:: Source material
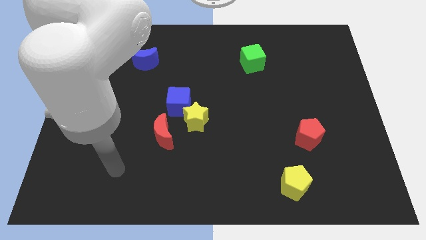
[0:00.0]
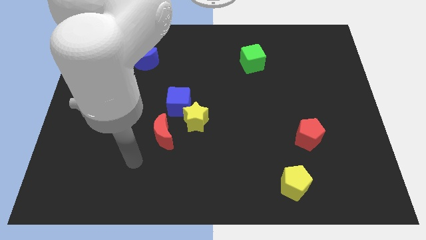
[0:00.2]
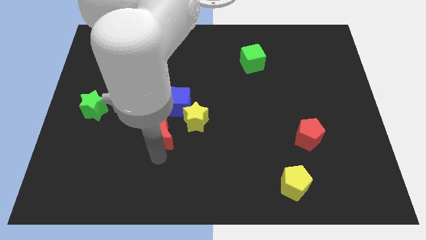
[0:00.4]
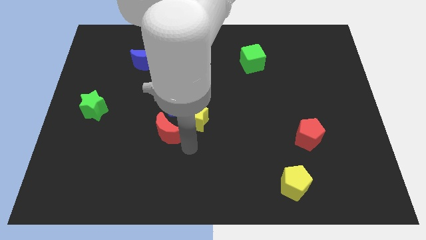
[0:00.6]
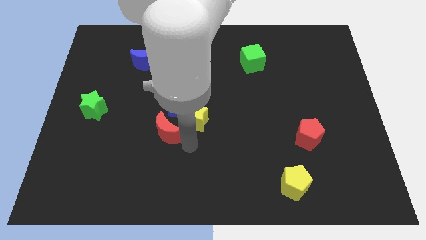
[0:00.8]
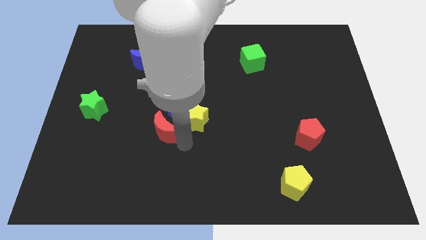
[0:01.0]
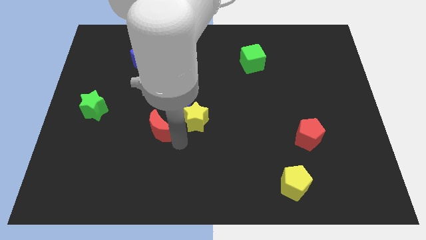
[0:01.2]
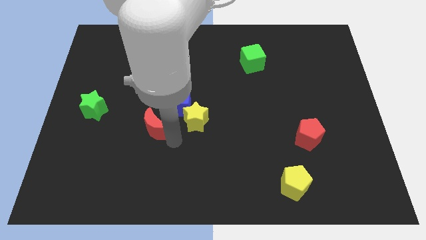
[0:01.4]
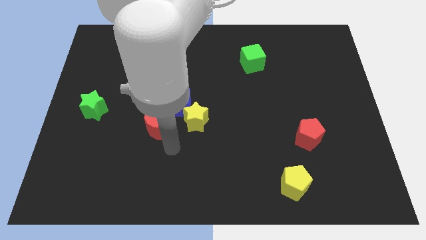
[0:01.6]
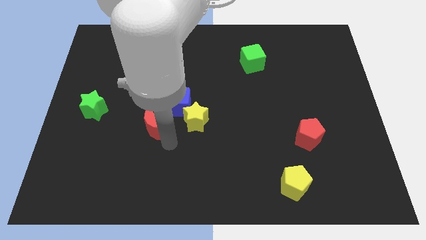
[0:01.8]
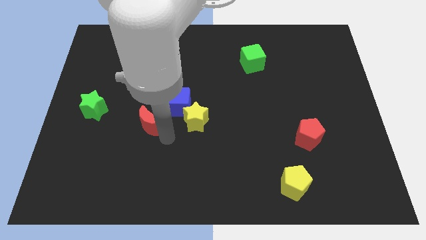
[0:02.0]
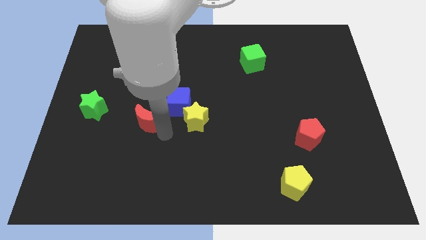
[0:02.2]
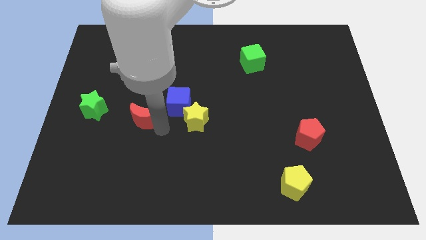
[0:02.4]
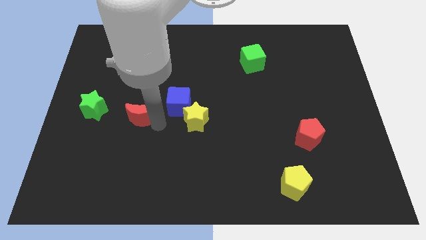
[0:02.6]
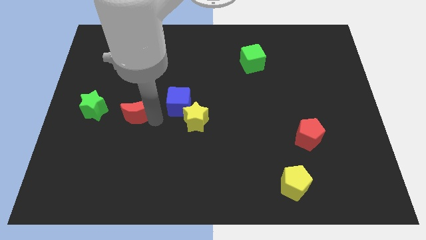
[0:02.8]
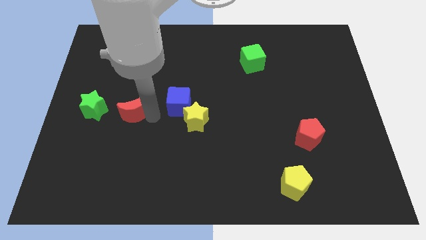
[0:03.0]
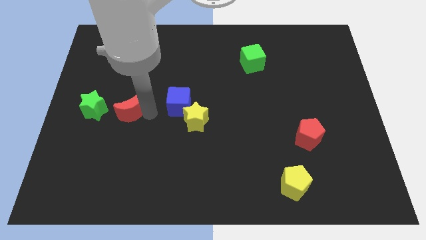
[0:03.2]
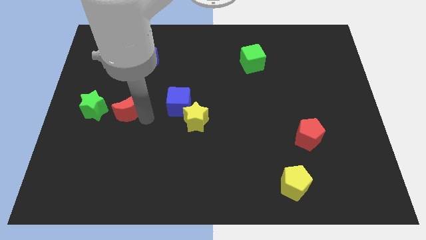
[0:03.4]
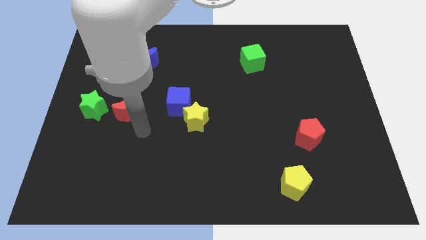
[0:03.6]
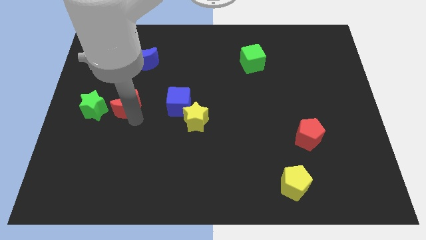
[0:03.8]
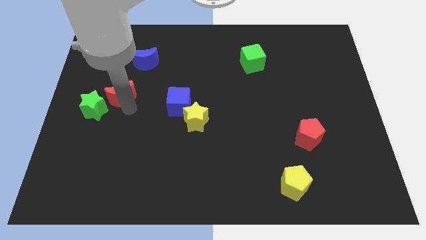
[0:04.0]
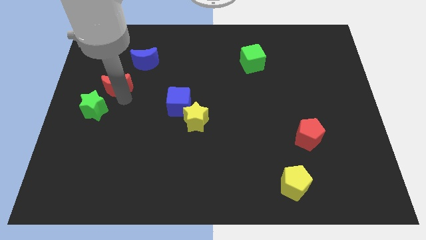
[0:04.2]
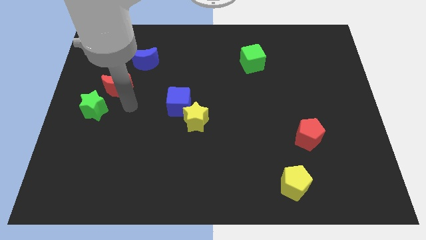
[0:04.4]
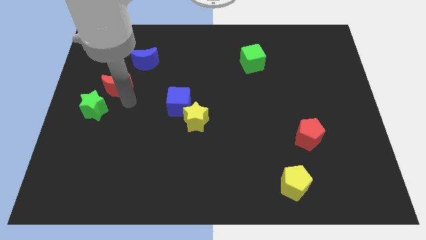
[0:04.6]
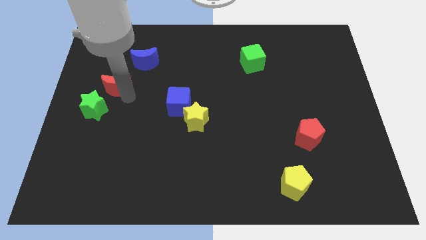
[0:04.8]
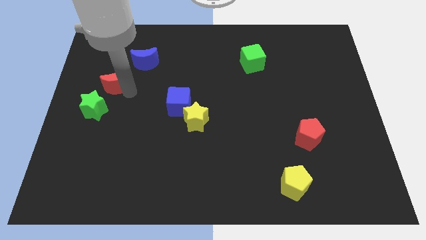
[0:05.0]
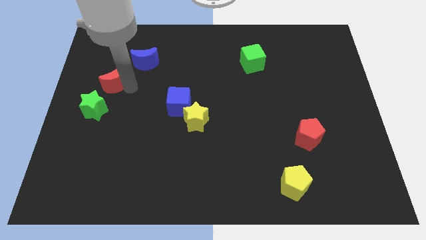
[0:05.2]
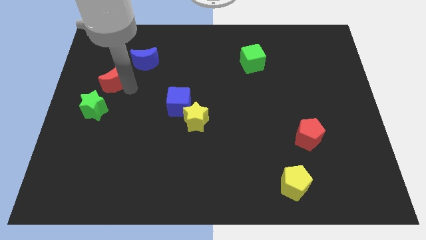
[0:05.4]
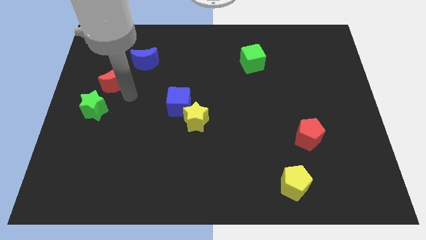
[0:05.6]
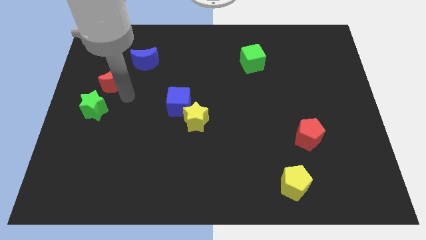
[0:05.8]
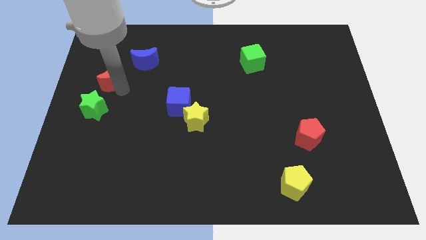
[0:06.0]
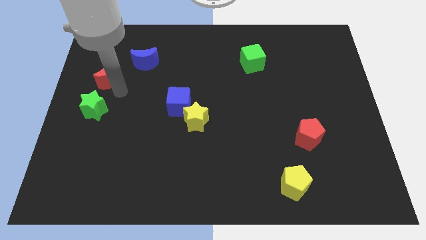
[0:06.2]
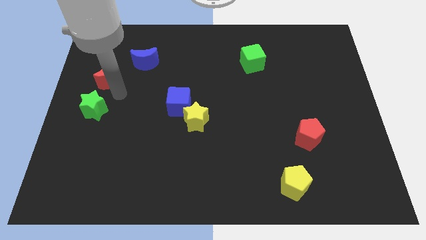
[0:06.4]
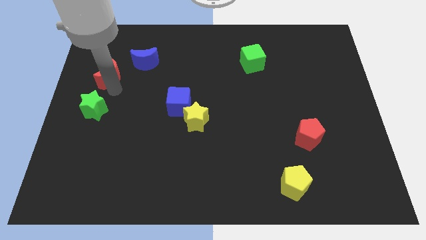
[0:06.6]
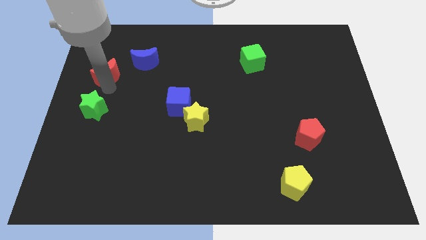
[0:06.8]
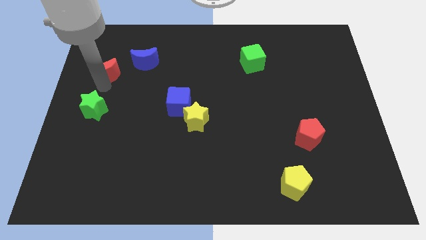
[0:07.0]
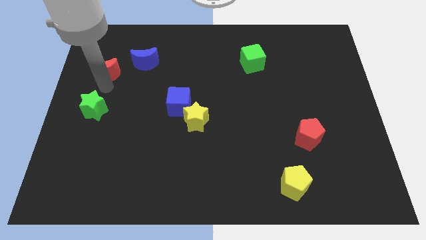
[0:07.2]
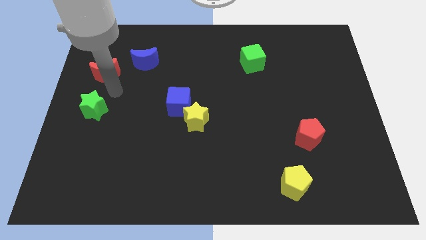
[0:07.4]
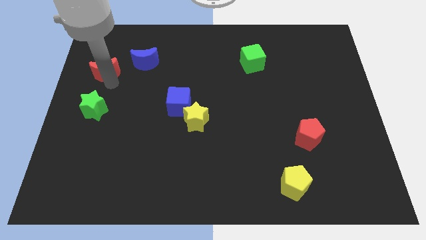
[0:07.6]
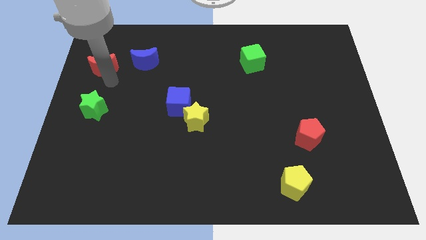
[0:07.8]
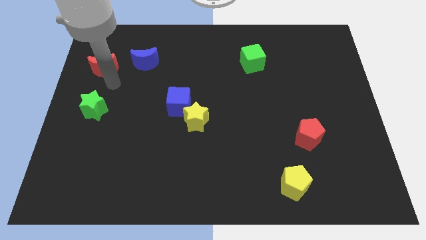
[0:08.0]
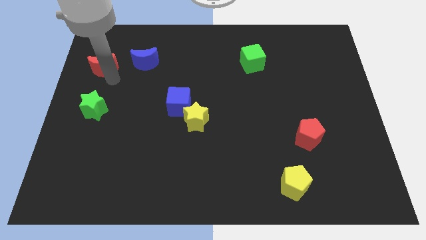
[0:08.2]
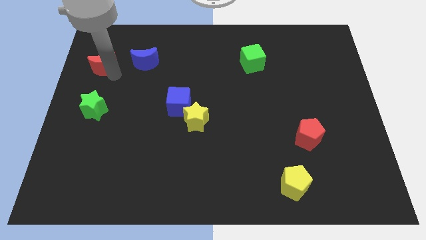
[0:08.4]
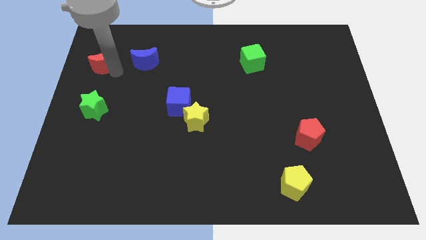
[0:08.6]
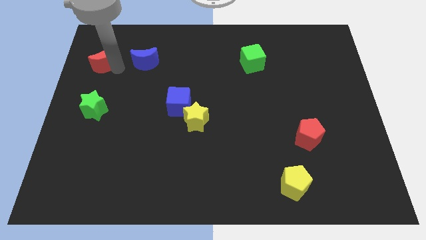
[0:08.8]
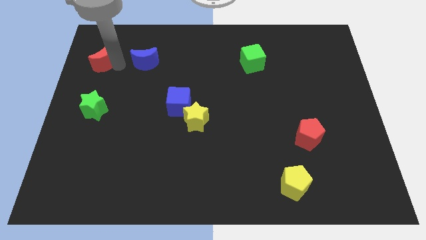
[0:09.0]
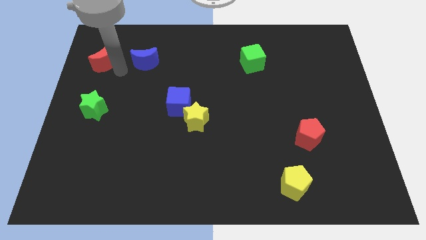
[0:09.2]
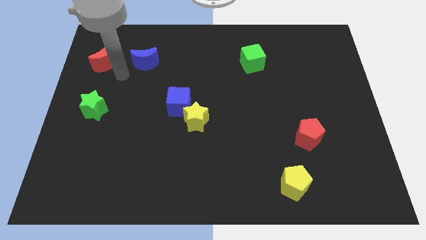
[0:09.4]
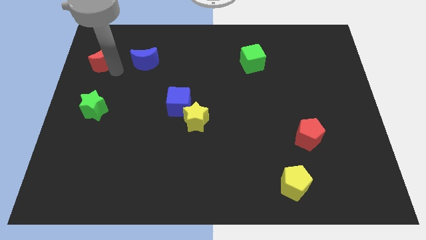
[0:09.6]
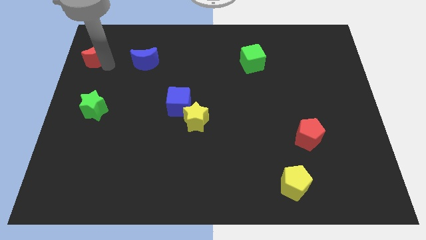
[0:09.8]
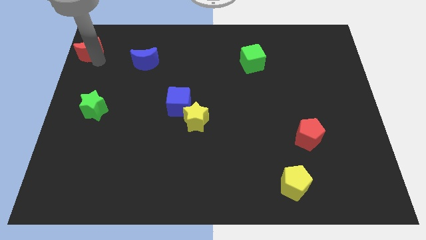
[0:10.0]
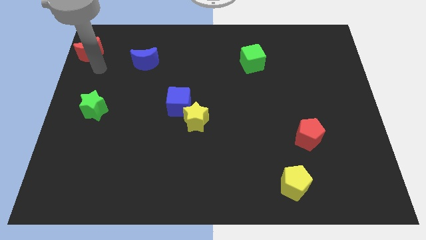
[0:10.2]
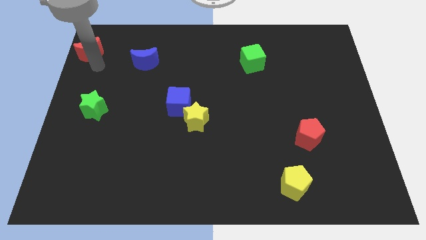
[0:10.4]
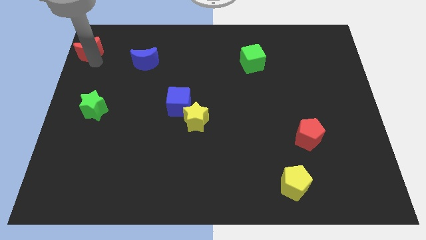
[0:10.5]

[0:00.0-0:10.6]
move the red moon to the upper left corner
::::
(Task item): Set the pictures aside and transcribe the data above exactly.

(Solution):
[0:00.0]
[0:00.2]
[0:00.4]
[0:00.6]
[0:00.8]
[0:01.0]
[0:01.2]
[0:01.4]
[0:01.6]
[0:01.8]
[0:02.0]
[0:02.2]
[0:02.4]
[0:02.6]
[0:02.8]
[0:03.0]
[0:03.2]
[0:03.4]
[0:03.6]
[0:03.8]
[0:04.0]
[0:04.2]
[0:04.4]
[0:04.6]
[0:04.8]
[0:05.0]
[0:05.2]
[0:05.4]
[0:05.6]
[0:05.8]
[0:06.0]
[0:06.2]
[0:06.4]
[0:06.6]
[0:06.8]
[0:07.0]
[0:07.2]
[0:07.4]
[0:07.6]
[0:07.8]
[0:08.0]
[0:08.2]
[0:08.4]
[0:08.6]
[0:08.8]
[0:09.0]
[0:09.2]
[0:09.4]
[0:09.6]
[0:09.8]
[0:10.0]
[0:10.2]
[0:10.4]
[0:10.5]

[0:00.0-0:10.6]
move the red moon to the upper left corner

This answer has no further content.